• [What is needed] Set down every entry again word for word, please, but skip the pictures.

↓

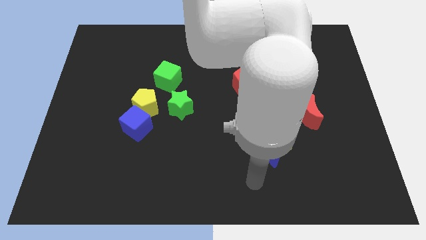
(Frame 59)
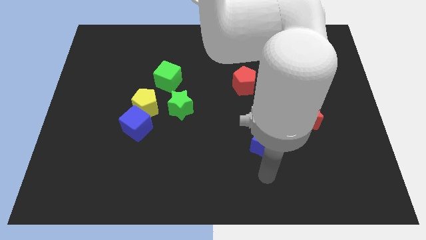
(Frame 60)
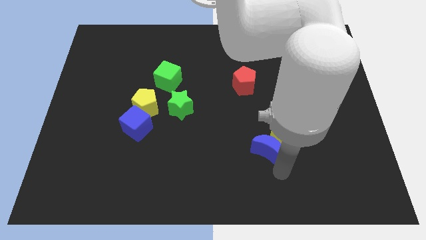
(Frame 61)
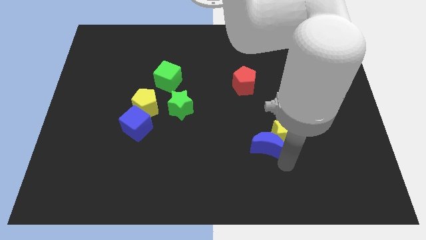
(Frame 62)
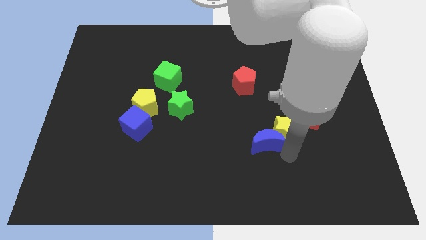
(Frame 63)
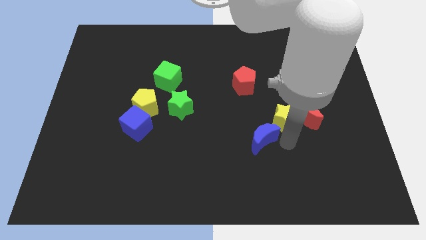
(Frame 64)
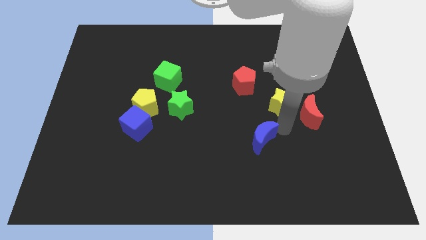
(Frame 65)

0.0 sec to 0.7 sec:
move the blue moon away from the yellow star

↑

• [Output for this exercise]
(Frame 59)
(Frame 60)
(Frame 61)
(Frame 62)
(Frame 63)
(Frame 64)
(Frame 65)

0.0 sec to 0.7 sec:
move the blue moon away from the yellow star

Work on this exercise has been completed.